| What the task requires |
The response must consist of all the entries, duplicated without alteration.

| Records provided |

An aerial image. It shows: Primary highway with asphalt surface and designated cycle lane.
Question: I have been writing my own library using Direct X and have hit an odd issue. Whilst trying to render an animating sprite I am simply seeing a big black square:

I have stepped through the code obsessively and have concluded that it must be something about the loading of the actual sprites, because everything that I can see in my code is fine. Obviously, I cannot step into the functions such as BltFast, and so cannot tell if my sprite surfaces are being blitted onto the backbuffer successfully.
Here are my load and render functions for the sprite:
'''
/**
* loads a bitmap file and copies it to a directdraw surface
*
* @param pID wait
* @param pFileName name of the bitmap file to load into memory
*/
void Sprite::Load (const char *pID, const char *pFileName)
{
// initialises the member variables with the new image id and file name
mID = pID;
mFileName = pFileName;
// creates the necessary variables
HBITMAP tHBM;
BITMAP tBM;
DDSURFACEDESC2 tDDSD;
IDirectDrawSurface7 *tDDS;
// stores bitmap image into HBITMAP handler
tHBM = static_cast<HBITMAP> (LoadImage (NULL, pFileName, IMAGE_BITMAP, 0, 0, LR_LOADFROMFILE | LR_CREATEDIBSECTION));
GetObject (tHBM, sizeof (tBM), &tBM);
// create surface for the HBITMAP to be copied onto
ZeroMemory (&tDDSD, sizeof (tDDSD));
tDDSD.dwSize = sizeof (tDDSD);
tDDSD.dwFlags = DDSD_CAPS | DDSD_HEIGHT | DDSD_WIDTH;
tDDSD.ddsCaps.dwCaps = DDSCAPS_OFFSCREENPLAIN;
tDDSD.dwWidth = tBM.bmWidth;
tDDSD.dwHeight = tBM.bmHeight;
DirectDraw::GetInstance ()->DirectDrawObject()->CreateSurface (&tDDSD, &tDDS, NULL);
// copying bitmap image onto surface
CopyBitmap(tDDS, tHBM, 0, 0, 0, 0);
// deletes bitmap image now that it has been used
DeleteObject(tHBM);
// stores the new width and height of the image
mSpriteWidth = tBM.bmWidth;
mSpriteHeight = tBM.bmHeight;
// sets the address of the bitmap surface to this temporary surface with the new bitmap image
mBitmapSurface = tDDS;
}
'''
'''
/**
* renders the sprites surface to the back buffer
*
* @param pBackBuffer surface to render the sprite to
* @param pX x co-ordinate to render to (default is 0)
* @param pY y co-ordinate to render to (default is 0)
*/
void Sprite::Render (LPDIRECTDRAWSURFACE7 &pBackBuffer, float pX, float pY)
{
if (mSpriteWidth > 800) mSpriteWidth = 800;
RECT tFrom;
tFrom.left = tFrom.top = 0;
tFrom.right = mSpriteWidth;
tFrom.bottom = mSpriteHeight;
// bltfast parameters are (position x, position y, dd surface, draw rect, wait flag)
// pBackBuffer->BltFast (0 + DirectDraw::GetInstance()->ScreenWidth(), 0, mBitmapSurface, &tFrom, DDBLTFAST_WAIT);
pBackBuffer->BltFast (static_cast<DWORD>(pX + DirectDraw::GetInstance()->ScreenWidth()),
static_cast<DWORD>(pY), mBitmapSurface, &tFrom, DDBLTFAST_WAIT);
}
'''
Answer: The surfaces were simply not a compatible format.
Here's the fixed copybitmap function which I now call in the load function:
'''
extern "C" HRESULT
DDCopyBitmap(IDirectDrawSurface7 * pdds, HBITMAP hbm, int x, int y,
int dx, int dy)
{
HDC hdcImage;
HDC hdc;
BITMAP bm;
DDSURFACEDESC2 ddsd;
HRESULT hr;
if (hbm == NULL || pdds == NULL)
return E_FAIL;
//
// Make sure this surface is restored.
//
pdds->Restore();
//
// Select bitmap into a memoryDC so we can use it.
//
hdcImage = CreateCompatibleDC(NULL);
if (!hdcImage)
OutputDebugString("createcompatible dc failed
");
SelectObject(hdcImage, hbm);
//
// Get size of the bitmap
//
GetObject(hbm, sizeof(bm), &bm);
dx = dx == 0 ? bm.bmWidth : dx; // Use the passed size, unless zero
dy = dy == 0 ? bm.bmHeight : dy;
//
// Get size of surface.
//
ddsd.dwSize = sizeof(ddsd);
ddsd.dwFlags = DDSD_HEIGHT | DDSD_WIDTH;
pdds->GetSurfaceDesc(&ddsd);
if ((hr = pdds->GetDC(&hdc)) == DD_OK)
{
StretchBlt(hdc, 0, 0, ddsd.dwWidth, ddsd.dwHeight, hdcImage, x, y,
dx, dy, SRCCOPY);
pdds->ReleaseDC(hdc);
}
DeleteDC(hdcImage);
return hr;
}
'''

| Problem solution |
An aerial image. It shows: Primary highway with asphalt surface and designated cycle lane.
Question: I have been writing my own library using Direct X and have hit an odd issue. Whilst trying to render an animating sprite I am simply seeing a big black square:

I have stepped through the code obsessively and have concluded that it must be something about the loading of the actual sprites, because everything that I can see in my code is fine. Obviously, I cannot step into the functions such as BltFast, and so cannot tell if my sprite surfaces are being blitted onto the backbuffer successfully.
Here are my load and render functions for the sprite:
'''
/**
* loads a bitmap file and copies it to a directdraw surface
*
* @param pID wait
* @param pFileName name of the bitmap file to load into memory
*/
void Sprite::Load (const char *pID, const char *pFileName)
{
// initialises the member variables with the new image id and file name
mID = pID;
mFileName = pFileName;
// creates the necessary variables
HBITMAP tHBM;
BITMAP tBM;
DDSURFACEDESC2 tDDSD;
IDirectDrawSurface7 *tDDS;
// stores bitmap image into HBITMAP handler
tHBM = static_cast<HBITMAP> (LoadImage (NULL, pFileName, IMAGE_BITMAP, 0, 0, LR_LOADFROMFILE | LR_CREATEDIBSECTION));
GetObject (tHBM, sizeof (tBM), &tBM);
// create surface for the HBITMAP to be copied onto
ZeroMemory (&tDDSD, sizeof (tDDSD));
tDDSD.dwSize = sizeof (tDDSD);
tDDSD.dwFlags = DDSD_CAPS | DDSD_HEIGHT | DDSD_WIDTH;
tDDSD.ddsCaps.dwCaps = DDSCAPS_OFFSCREENPLAIN;
tDDSD.dwWidth = tBM.bmWidth;
tDDSD.dwHeight = tBM.bmHeight;
DirectDraw::GetInstance ()->DirectDrawObject()->CreateSurface (&tDDSD, &tDDS, NULL);
// copying bitmap image onto surface
CopyBitmap(tDDS, tHBM, 0, 0, 0, 0);
// deletes bitmap image now that it has been used
DeleteObject(tHBM);
// stores the new width and height of the image
mSpriteWidth = tBM.bmWidth;
mSpriteHeight = tBM.bmHeight;
// sets the address of the bitmap surface to this temporary surface with the new bitmap image
mBitmapSurface = tDDS;
}
'''
'''
/**
* renders the sprites surface to the back buffer
*
* @param pBackBuffer surface to render the sprite to
* @param pX x co-ordinate to render to (default is 0)
* @param pY y co-ordinate to render to (default is 0)
*/
void Sprite::Render (LPDIRECTDRAWSURFACE7 &pBackBuffer, float pX, float pY)
{
if (mSpriteWidth > 800) mSpriteWidth = 800;
RECT tFrom;
tFrom.left = tFrom.top = 0;
tFrom.right = mSpriteWidth;
tFrom.bottom = mSpriteHeight;
// bltfast parameters are (position x, position y, dd surface, draw rect, wait flag)
// pBackBuffer->BltFast (0 + DirectDraw::GetInstance()->ScreenWidth(), 0, mBitmapSurface, &tFrom, DDBLTFAST_WAIT);
pBackBuffer->BltFast (static_cast<DWORD>(pX + DirectDraw::GetInstance()->ScreenWidth()),
static_cast<DWORD>(pY), mBitmapSurface, &tFrom, DDBLTFAST_WAIT);
}
'''
Answer: The surfaces were simply not a compatible format.
Here's the fixed copybitmap function which I now call in the load function:
'''
extern "C" HRESULT
DDCopyBitmap(IDirectDrawSurface7 * pdds, HBITMAP hbm, int x, int y,
int dx, int dy)
{
HDC hdcImage;
HDC hdc;
BITMAP bm;
DDSURFACEDESC2 ddsd;
HRESULT hr;
if (hbm == NULL || pdds == NULL)
return E_FAIL;
//
// Make sure this surface is restored.
//
pdds->Restore();
//
// Select bitmap into a memoryDC so we can use it.
//
hdcImage = CreateCompatibleDC(NULL);
if (!hdcImage)
OutputDebugString("createcompatible dc failed
");
SelectObject(hdcImage, hbm);
//
// Get size of the bitmap
//
GetObject(hbm, sizeof(bm), &bm);
dx = dx == 0 ? bm.bmWidth : dx; // Use the passed size, unless zero
dy = dy == 0 ? bm.bmHeight : dy;
//
// Get size of surface.
//
ddsd.dwSize = sizeof(ddsd);
ddsd.dwFlags = DDSD_HEIGHT | DDSD_WIDTH;
pdds->GetSurfaceDesc(&ddsd);
if ((hr = pdds->GetDC(&hdc)) == DD_OK)
{
StretchBlt(hdc, 0, 0, ddsd.dwWidth, ddsd.dwHeight, hdcImage, x, y,
dx, dy, SRCCOPY);
pdds->ReleaseDC(hdc);
}
DeleteDC(hdcImage);
return hr;
}
'''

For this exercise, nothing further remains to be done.